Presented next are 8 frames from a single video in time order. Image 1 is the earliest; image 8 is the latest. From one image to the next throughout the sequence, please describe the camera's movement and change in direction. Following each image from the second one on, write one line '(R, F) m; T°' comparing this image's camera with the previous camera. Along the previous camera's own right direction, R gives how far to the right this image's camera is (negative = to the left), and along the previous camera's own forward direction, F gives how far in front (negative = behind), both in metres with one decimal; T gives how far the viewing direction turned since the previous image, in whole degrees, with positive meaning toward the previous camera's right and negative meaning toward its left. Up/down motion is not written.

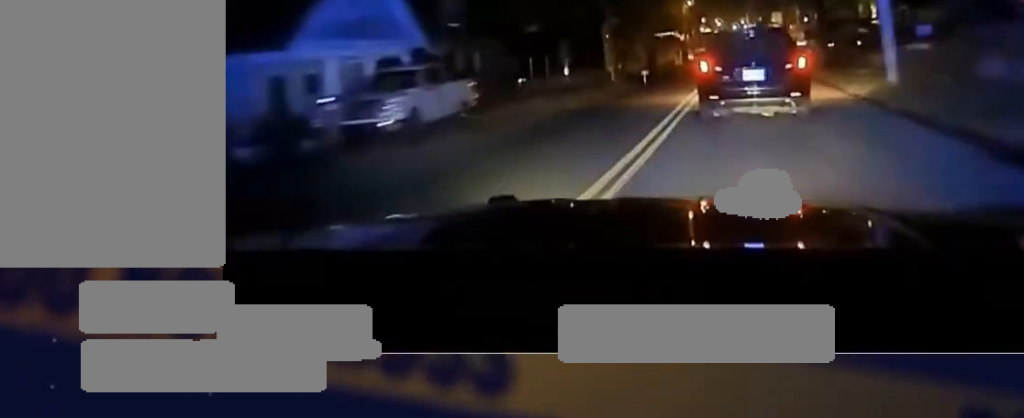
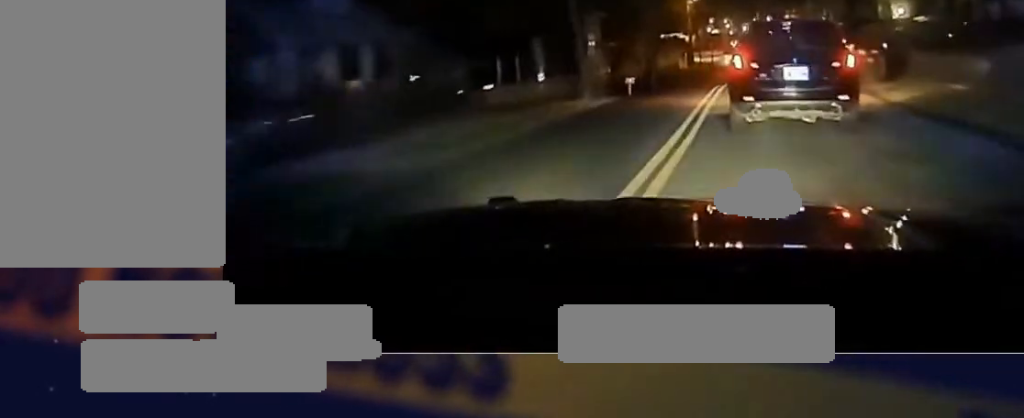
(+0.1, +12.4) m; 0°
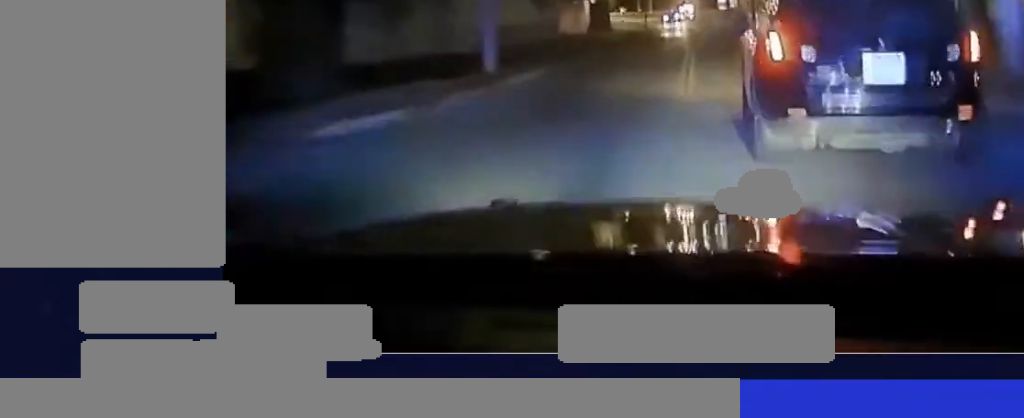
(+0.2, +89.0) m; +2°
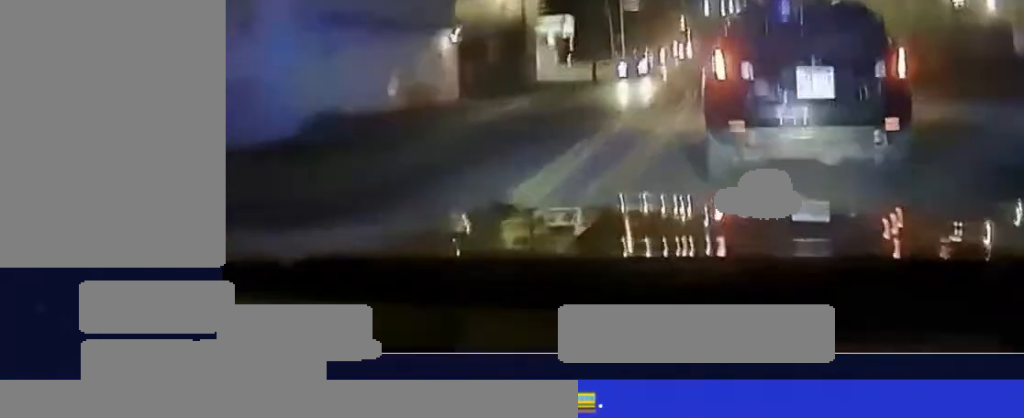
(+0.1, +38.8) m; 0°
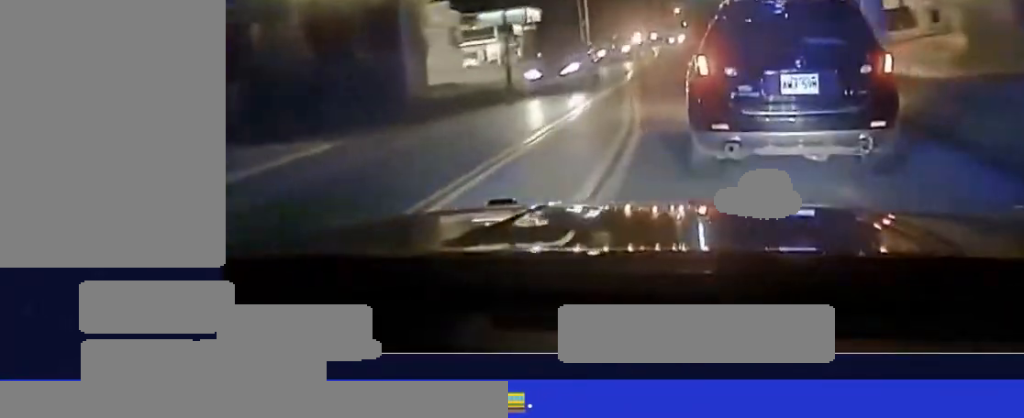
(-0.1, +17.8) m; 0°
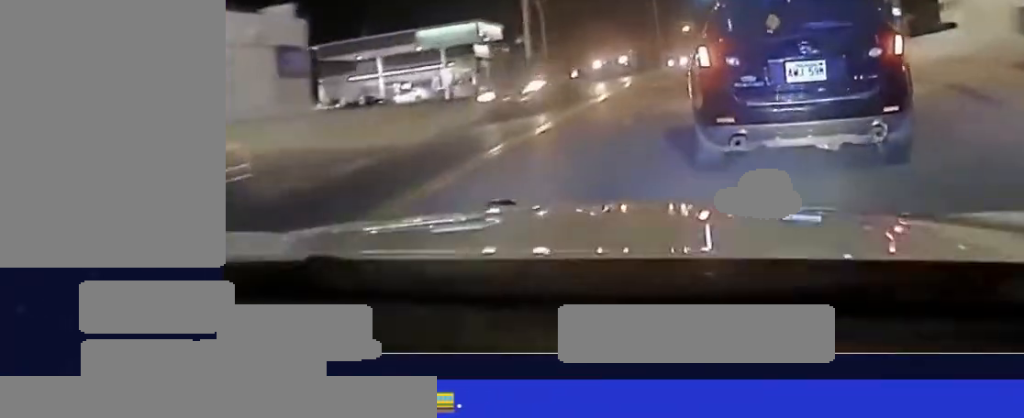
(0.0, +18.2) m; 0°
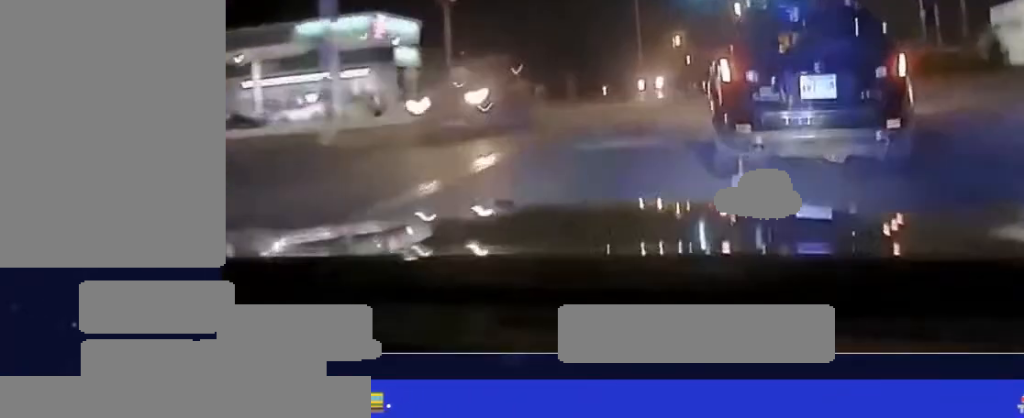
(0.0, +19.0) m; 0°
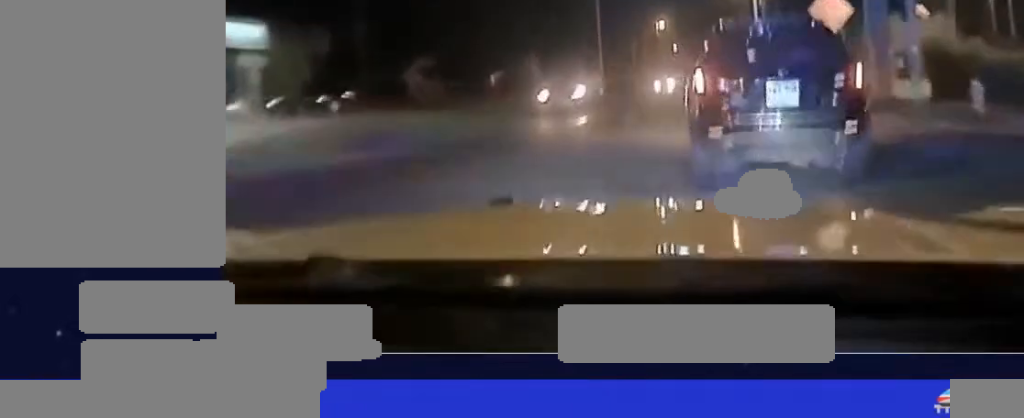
——
» WORK TASK: Would you please copy the material exactly, leaving all the pictures out?

» SOLUTION:
Presented next are 8 frames from a single video in time order. Image 1 is the earliest; image 8 is the latest. From one image to the next throughout the sequence, please describe the camera's movement and change in direction. Following each image from the second one on, write one line '(R, F) m; T°' comparing this image's camera with the previous camera. Along the previous camera's own right direction, R gives how far to the right this image's camera is (negative = to the left), and along the previous camera's own forward direction, F gives how far in front (negative = behind), both in metres with one decimal; T gives how far the viewing direction turned since the previous image, in whole degrees, with positive meaning toward the previous camera's right and negative meaning toward its left. Up/down motion is not written.

(+0.1, +12.4) m; 0°
(+0.2, +89.0) m; +2°
(+0.1, +38.8) m; 0°
(-0.1, +17.8) m; 0°
(0.0, +18.2) m; 0°
(0.0, +19.0) m; 0°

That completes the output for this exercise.